**ABOUT THIS TASK**: In the records below, begin at the line containing "L 328.161 840.806" and end at the line containing "Q 760.037 559.728, 757.677 562.528"; quote every line in that span exactly, including both boundary lines, and no others.

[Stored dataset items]

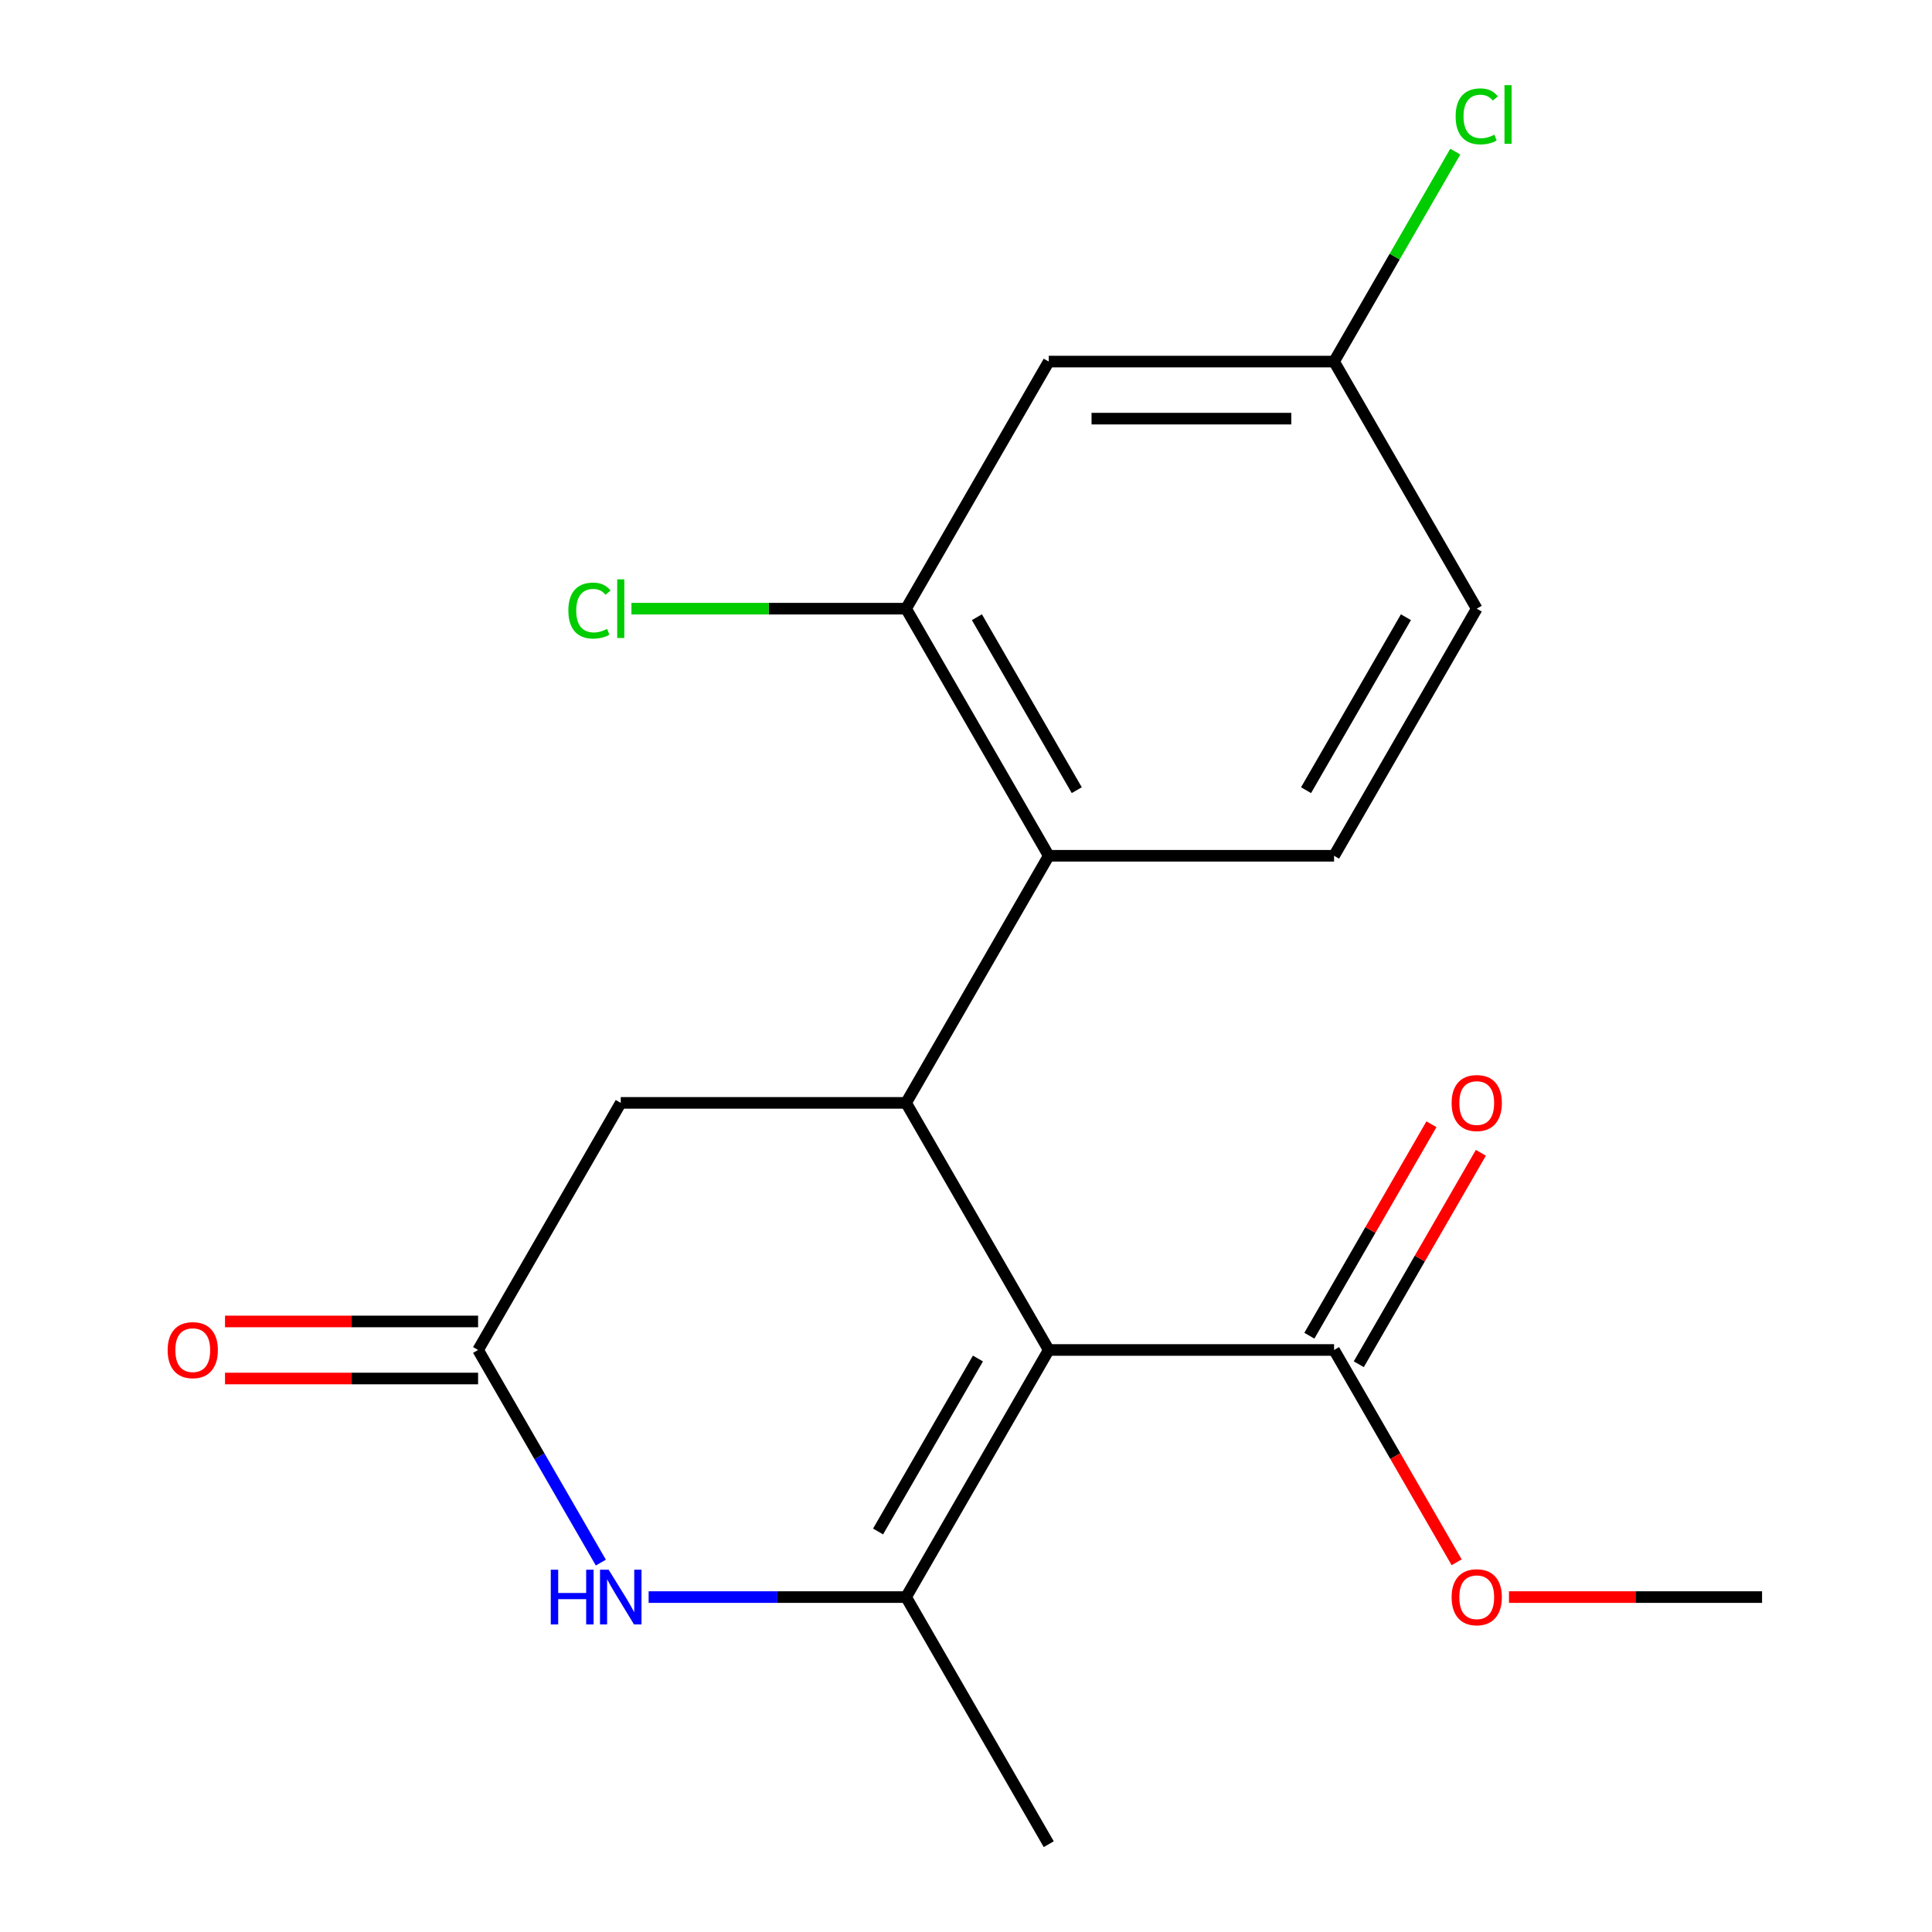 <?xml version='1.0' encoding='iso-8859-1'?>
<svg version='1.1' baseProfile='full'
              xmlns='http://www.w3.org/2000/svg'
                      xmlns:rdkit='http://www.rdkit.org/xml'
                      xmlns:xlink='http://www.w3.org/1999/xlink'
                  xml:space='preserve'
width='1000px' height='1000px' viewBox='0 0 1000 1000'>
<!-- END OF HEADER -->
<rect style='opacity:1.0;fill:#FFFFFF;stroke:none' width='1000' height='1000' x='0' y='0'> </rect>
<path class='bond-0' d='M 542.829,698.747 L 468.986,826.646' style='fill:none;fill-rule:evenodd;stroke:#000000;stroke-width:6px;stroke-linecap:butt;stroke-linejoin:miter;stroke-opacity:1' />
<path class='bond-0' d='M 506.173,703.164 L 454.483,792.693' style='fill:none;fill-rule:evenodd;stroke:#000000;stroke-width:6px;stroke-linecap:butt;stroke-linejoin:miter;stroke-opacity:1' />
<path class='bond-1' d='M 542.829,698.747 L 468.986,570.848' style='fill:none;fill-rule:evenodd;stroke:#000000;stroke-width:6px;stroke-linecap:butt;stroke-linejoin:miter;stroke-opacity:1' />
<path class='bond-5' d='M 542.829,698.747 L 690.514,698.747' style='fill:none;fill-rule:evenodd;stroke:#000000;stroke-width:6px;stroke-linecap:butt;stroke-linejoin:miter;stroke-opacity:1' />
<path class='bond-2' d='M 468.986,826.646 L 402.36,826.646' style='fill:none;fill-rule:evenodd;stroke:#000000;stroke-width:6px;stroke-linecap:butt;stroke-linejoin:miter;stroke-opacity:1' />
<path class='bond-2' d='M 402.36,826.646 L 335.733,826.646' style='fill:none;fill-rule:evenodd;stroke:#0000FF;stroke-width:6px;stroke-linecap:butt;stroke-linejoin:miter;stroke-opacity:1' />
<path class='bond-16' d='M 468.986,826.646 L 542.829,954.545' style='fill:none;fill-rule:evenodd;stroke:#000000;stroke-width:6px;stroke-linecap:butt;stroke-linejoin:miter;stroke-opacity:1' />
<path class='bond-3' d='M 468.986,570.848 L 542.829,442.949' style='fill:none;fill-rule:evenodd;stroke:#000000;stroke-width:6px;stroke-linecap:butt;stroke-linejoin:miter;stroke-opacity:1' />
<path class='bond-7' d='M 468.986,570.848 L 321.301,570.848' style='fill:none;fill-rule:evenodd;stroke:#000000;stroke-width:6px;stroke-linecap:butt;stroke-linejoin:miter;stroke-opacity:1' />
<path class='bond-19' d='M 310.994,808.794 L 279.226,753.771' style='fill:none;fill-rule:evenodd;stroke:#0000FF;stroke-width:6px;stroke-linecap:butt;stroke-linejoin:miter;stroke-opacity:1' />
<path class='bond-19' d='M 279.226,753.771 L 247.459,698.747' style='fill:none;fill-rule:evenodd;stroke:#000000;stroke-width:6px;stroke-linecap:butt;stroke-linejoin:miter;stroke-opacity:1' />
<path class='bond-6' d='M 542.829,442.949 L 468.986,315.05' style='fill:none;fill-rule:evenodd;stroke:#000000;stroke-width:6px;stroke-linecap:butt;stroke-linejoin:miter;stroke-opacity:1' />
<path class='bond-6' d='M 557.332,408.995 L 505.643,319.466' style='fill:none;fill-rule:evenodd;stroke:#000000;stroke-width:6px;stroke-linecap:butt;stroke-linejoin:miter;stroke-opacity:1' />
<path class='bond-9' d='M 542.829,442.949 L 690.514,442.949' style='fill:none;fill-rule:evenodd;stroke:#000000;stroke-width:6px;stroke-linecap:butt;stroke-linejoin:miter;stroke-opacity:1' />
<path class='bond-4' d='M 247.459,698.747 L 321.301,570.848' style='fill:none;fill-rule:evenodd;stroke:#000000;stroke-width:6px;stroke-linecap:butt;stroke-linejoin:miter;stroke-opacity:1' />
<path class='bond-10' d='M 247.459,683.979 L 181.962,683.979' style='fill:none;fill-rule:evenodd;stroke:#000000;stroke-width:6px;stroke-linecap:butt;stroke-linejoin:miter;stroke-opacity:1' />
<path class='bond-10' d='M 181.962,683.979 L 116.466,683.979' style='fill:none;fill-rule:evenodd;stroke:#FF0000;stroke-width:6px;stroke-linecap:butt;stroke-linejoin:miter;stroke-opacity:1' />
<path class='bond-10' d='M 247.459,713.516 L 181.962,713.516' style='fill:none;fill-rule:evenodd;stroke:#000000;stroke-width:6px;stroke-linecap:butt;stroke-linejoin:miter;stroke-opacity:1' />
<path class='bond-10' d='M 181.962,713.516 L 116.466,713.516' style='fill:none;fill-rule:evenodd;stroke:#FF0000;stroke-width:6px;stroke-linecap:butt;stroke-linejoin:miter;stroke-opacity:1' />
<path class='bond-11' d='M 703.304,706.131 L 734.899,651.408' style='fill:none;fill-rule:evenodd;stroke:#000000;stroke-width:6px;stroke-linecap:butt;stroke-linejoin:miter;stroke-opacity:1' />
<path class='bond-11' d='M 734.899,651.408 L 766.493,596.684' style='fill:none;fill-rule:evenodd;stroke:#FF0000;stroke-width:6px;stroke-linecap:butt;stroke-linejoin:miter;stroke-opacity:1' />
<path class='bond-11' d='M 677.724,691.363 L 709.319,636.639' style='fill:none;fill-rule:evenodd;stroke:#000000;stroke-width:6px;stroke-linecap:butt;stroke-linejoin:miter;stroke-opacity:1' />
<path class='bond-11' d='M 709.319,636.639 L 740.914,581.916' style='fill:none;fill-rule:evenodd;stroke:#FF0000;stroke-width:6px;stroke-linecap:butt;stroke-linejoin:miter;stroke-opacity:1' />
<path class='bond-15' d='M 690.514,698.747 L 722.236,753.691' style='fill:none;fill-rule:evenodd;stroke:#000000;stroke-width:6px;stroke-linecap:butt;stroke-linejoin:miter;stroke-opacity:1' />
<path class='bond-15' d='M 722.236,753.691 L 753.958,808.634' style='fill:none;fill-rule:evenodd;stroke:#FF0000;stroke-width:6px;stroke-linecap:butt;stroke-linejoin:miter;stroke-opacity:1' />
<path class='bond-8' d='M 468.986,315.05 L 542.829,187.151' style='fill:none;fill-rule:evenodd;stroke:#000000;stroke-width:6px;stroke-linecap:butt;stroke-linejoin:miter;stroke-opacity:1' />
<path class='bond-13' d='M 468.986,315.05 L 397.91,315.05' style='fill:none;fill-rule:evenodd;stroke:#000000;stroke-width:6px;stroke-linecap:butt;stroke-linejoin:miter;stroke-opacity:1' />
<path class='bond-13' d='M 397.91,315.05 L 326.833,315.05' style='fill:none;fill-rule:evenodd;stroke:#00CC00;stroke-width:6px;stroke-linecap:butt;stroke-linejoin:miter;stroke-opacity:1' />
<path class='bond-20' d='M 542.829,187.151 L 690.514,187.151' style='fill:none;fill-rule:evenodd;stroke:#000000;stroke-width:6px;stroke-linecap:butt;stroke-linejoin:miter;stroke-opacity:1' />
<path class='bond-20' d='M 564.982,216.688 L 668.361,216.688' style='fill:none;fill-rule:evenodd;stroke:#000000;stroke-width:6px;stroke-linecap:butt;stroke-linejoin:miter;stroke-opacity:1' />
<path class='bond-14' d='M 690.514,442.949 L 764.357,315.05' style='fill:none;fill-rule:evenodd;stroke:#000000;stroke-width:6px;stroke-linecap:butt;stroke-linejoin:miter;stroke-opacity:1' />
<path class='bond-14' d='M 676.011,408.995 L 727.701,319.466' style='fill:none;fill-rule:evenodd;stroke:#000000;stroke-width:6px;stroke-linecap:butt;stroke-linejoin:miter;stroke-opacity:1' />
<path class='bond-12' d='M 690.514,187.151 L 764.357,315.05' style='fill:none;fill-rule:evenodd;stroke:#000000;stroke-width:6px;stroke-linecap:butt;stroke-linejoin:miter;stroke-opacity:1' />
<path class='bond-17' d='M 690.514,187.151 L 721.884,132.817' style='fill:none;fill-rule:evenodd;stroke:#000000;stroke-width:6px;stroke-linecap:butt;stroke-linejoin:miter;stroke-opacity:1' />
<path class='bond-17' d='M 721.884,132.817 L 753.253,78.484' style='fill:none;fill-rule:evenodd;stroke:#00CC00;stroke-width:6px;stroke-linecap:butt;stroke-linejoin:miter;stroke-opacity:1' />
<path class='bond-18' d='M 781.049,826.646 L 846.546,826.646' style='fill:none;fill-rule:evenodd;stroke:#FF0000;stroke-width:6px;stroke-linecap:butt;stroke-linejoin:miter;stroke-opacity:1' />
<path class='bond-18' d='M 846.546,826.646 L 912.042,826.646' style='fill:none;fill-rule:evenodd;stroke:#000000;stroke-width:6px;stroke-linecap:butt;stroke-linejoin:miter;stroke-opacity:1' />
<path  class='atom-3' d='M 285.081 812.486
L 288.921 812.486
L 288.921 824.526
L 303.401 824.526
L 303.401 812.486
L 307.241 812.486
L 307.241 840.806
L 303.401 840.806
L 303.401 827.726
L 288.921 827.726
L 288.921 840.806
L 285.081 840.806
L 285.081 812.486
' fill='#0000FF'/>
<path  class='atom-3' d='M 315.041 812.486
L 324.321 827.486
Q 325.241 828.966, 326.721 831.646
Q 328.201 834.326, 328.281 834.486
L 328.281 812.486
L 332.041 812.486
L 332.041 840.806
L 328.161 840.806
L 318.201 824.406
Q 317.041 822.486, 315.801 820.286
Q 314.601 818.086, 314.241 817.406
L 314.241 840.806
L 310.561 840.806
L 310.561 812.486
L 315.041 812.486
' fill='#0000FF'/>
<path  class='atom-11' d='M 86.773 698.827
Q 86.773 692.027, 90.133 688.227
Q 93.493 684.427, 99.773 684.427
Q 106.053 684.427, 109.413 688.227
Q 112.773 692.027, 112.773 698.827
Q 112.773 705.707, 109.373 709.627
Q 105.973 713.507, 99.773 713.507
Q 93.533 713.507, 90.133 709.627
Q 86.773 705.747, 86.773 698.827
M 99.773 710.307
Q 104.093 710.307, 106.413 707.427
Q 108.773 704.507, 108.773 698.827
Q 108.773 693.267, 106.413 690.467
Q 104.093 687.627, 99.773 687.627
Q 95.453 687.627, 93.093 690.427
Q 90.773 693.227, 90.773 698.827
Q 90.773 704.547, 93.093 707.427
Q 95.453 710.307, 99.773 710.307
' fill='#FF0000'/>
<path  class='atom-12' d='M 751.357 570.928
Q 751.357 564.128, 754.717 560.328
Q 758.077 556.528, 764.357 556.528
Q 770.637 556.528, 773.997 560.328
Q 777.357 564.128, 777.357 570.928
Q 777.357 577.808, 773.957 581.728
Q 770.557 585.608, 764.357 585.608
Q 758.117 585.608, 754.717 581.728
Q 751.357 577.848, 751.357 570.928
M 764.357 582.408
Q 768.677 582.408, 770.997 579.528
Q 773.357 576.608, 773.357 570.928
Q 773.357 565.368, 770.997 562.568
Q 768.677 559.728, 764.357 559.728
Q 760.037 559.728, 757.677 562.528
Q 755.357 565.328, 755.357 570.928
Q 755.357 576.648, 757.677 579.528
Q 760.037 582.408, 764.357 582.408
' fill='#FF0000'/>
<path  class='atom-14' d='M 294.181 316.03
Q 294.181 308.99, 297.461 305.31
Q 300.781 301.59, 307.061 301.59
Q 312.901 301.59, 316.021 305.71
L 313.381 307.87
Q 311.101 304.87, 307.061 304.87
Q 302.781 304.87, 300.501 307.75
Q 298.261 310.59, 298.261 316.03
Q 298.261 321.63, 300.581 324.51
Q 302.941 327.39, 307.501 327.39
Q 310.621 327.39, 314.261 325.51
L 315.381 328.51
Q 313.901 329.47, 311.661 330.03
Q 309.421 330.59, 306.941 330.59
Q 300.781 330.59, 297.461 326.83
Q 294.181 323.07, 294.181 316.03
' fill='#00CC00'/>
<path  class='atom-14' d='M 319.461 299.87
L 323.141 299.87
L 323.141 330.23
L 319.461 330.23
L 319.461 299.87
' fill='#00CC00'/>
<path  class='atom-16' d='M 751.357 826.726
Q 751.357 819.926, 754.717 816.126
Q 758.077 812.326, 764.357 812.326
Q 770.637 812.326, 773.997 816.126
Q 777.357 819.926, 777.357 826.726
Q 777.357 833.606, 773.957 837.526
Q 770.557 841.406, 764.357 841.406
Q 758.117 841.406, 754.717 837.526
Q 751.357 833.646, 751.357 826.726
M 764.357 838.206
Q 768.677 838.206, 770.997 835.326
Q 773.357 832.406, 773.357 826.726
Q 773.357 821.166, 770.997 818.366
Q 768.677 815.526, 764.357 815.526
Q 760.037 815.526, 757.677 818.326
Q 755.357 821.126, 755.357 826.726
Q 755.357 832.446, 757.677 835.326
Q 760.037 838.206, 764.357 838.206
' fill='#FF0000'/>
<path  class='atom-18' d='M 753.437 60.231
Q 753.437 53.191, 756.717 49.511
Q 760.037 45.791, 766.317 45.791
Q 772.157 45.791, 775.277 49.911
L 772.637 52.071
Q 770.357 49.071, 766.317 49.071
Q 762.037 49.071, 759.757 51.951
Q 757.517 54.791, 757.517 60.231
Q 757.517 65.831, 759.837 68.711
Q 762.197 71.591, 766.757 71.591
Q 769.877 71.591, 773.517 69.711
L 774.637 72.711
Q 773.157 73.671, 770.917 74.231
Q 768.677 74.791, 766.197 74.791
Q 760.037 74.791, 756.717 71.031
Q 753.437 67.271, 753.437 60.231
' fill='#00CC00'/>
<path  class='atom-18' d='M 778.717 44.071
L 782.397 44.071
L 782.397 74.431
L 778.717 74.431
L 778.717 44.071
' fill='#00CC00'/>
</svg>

**ANSWER TO THE PROBLEM**:
L 328.161 840.806
L 318.201 824.406
Q 317.041 822.486, 315.801 820.286
Q 314.601 818.086, 314.241 817.406
L 314.241 840.806
L 310.561 840.806
L 310.561 812.486
L 315.041 812.486
' fill='#0000FF'/>
<path  class='atom-11' d='M 86.773 698.827
Q 86.773 692.027, 90.133 688.227
Q 93.493 684.427, 99.773 684.427
Q 106.053 684.427, 109.413 688.227
Q 112.773 692.027, 112.773 698.827
Q 112.773 705.707, 109.373 709.627
Q 105.973 713.507, 99.773 713.507
Q 93.533 713.507, 90.133 709.627
Q 86.773 705.747, 86.773 698.827
M 99.773 710.307
Q 104.093 710.307, 106.413 707.427
Q 108.773 704.507, 108.773 698.827
Q 108.773 693.267, 106.413 690.467
Q 104.093 687.627, 99.773 687.627
Q 95.453 687.627, 93.093 690.427
Q 90.773 693.227, 90.773 698.827
Q 90.773 704.547, 93.093 707.427
Q 95.453 710.307, 99.773 710.307
' fill='#FF0000'/>
<path  class='atom-12' d='M 751.357 570.928
Q 751.357 564.128, 754.717 560.328
Q 758.077 556.528, 764.357 556.528
Q 770.637 556.528, 773.997 560.328
Q 777.357 564.128, 777.357 570.928
Q 777.357 577.808, 773.957 581.728
Q 770.557 585.608, 764.357 585.608
Q 758.117 585.608, 754.717 581.728
Q 751.357 577.848, 751.357 570.928
M 764.357 582.408
Q 768.677 582.408, 770.997 579.528
Q 773.357 576.608, 773.357 570.928
Q 773.357 565.368, 770.997 562.568
Q 768.677 559.728, 764.357 559.728
Q 760.037 559.728, 757.677 562.528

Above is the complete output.